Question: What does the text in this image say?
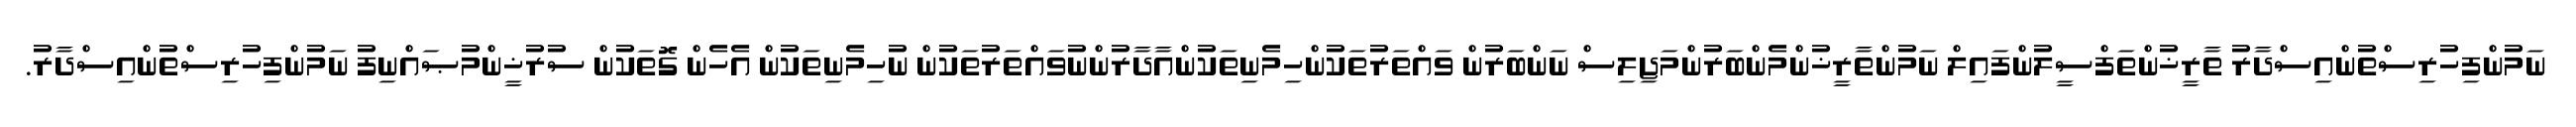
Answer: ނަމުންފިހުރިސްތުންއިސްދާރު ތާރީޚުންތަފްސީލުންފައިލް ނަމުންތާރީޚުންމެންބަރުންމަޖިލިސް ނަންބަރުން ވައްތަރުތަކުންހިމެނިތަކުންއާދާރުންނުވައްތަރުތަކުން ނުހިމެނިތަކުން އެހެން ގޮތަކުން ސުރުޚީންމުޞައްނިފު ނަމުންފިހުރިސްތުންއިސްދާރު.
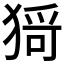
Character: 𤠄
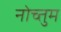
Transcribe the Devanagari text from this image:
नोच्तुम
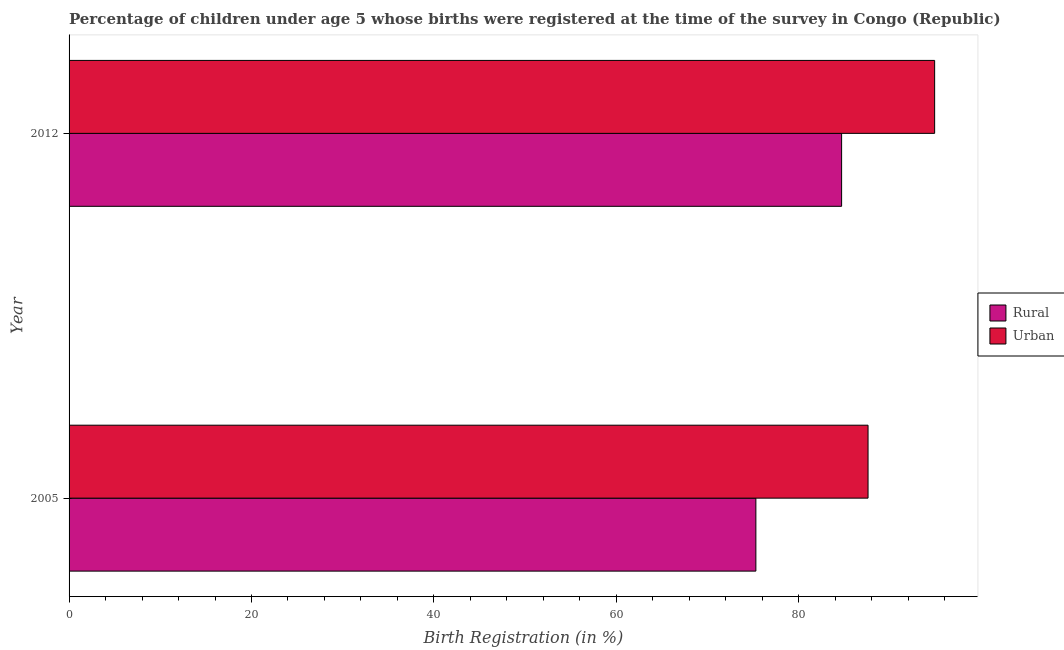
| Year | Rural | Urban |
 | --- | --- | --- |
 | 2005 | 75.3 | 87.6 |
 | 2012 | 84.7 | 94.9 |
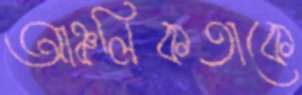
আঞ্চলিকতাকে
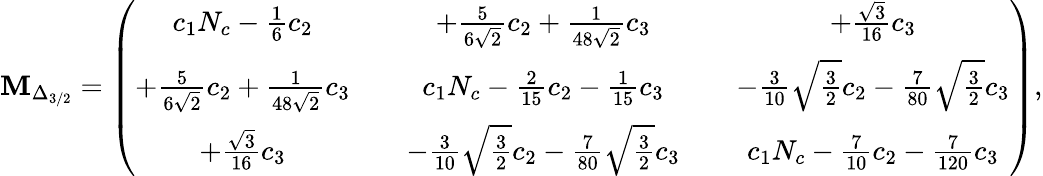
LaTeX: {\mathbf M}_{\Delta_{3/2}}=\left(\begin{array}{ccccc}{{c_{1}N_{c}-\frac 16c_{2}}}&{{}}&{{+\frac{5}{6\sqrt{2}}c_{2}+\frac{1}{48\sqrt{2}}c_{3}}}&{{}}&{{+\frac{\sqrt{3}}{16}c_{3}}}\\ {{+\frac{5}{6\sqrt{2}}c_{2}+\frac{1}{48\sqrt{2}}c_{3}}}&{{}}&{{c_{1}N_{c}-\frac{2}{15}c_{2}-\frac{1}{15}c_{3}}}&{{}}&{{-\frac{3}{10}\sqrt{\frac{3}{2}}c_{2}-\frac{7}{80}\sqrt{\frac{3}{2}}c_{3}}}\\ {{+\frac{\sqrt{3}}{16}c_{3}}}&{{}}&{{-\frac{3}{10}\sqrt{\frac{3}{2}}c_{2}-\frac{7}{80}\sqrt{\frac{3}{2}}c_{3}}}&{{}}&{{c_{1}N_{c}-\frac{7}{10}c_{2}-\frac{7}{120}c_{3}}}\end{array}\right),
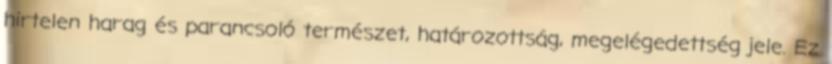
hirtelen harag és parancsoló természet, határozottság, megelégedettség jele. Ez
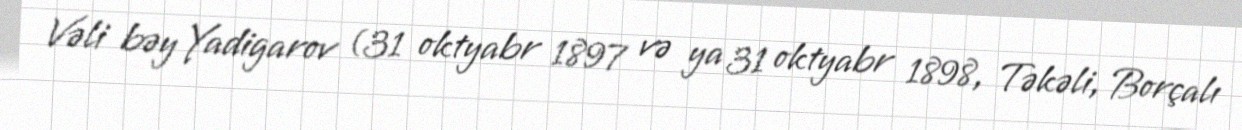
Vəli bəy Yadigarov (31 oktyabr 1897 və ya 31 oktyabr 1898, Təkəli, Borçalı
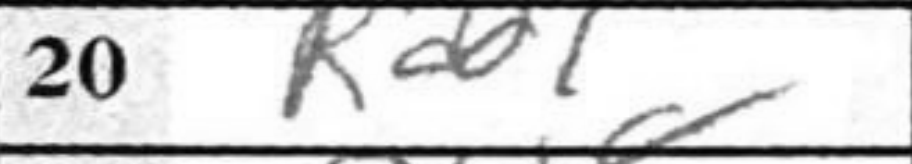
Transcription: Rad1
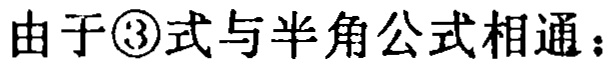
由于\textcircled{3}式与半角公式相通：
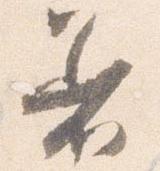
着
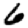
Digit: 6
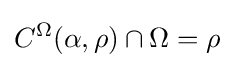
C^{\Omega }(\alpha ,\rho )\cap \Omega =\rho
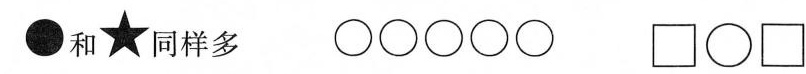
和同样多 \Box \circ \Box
* * *
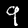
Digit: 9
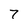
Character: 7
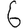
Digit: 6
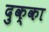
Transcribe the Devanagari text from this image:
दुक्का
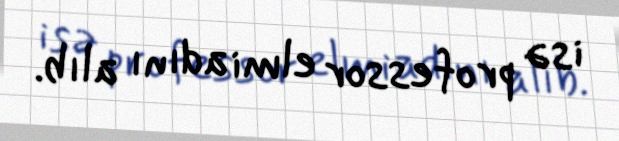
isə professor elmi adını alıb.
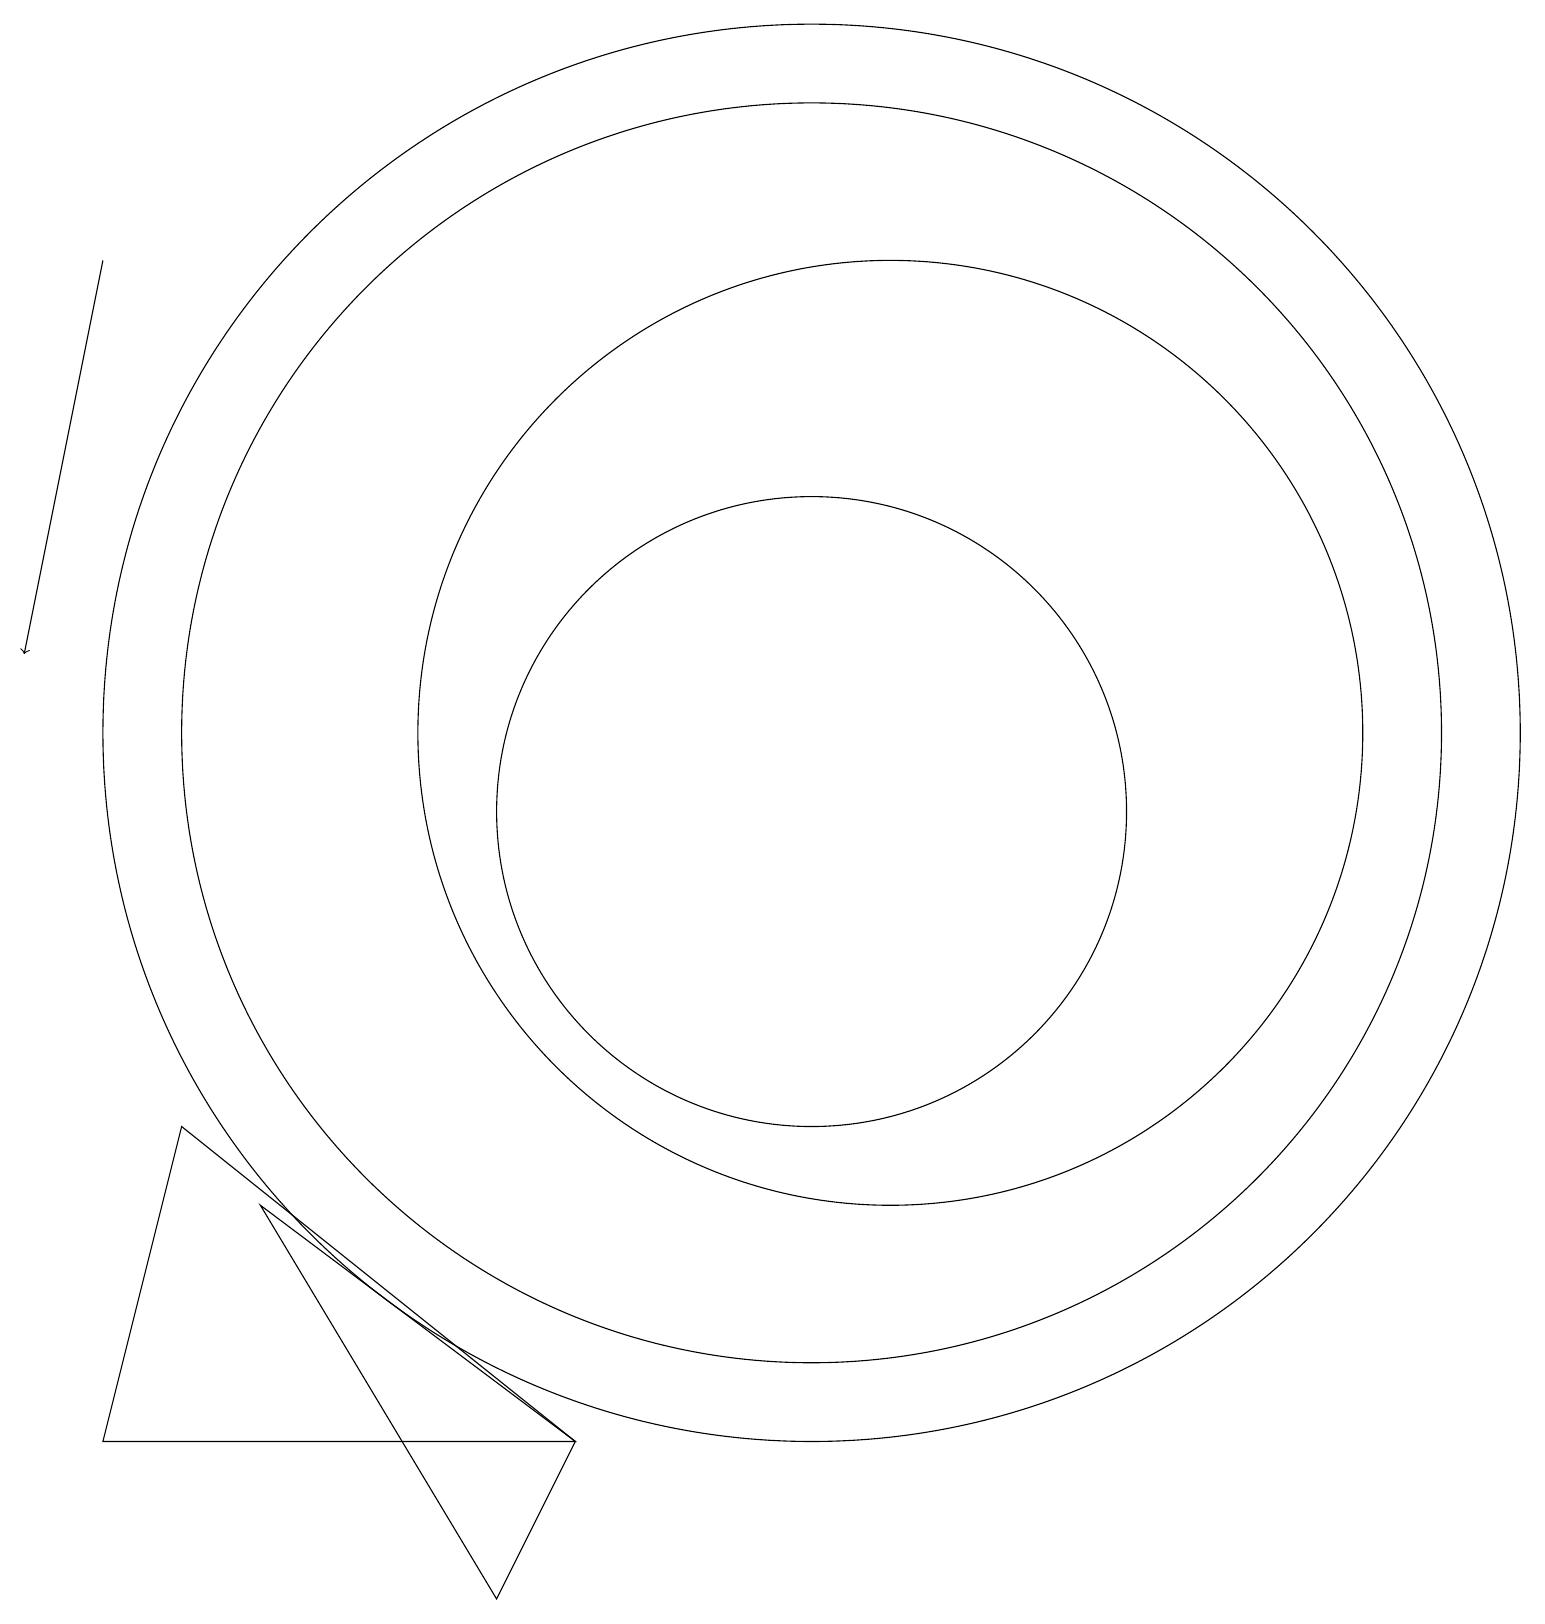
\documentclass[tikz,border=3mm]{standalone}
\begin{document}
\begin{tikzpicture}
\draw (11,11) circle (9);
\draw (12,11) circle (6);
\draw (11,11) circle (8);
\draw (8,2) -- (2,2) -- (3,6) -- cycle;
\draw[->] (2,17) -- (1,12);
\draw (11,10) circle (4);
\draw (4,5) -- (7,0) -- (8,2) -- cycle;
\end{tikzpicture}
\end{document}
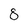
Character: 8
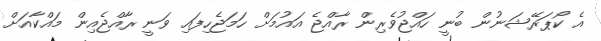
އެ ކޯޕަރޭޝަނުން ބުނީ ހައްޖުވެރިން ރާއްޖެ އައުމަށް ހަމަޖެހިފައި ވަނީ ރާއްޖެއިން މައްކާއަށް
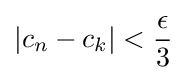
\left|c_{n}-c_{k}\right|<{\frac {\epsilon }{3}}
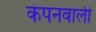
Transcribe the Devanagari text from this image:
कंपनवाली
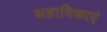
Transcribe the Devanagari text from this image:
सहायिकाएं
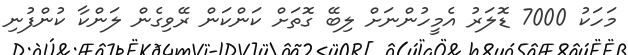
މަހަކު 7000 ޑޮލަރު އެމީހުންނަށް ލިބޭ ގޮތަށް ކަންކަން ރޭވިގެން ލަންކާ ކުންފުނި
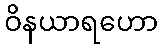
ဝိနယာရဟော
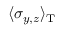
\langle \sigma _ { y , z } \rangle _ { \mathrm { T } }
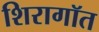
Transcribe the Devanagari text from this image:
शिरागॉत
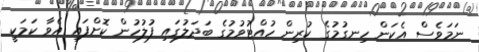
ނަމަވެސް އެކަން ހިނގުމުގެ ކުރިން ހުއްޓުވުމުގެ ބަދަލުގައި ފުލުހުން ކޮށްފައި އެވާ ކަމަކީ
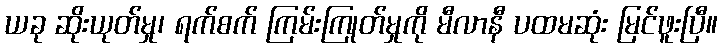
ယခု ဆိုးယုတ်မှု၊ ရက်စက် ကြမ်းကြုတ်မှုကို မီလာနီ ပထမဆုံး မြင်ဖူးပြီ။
* * *
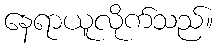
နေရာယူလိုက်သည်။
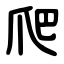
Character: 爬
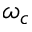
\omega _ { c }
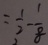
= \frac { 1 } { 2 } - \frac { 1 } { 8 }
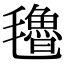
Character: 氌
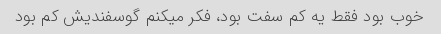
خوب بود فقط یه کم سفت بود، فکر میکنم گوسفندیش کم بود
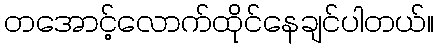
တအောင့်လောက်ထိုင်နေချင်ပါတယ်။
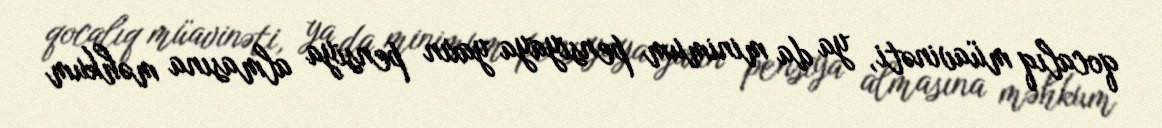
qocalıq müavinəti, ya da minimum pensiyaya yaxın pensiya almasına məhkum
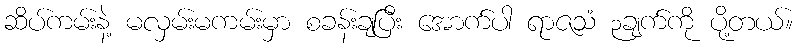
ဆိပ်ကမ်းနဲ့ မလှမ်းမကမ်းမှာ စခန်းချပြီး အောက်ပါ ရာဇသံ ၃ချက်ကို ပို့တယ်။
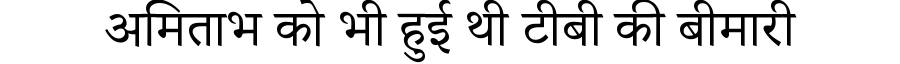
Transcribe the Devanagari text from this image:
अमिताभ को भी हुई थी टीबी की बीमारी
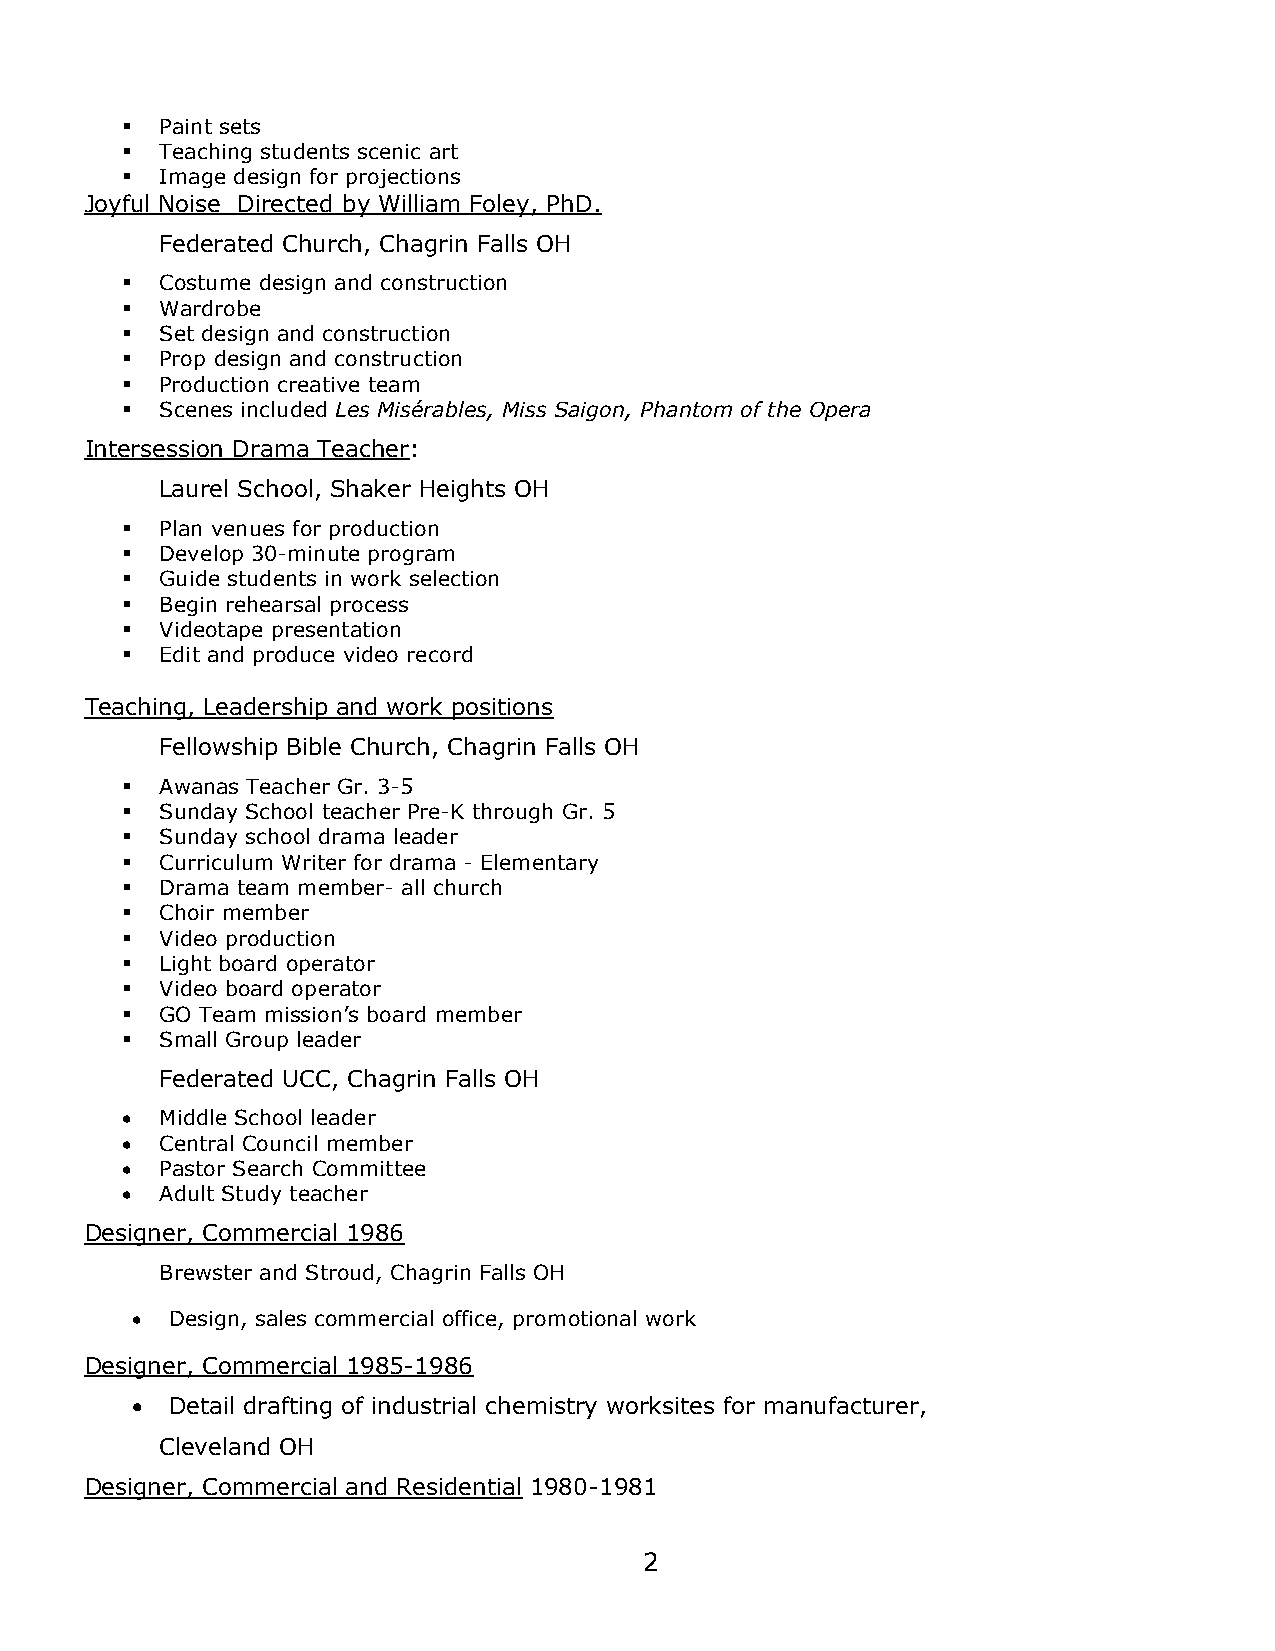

Activity:
Exactly the lines above from the one that contains "Answer: ނަމުންފިހުރިސްތުންއިސްދާރު ތާރީޚުންތަފްސީލުންފައިލް" down to the one that contains "Character: 𤠄" are to be output, both ends kept and pictures omitted.

Output for this task:
Answer: ނަމުންފިހުރިސްތުންއިސްދާރު ތާރީޚުންތަފްސީލުންފައިލް ނަމުންތާރީޚުންމެންބަރުންމަޖިލިސް ނަންބަރުން ވައްތަރުތަކުންހިމެނިތަކުންއާދާރުންނުވައްތަރުތަކުން ނުހިމެނިތަކުން އެހެން ގޮތަކުން ސުރުޚީންމުޞައްނިފު ނަމުންފިހުރިސްތުންއިސްދާރު.
Character: 𤠄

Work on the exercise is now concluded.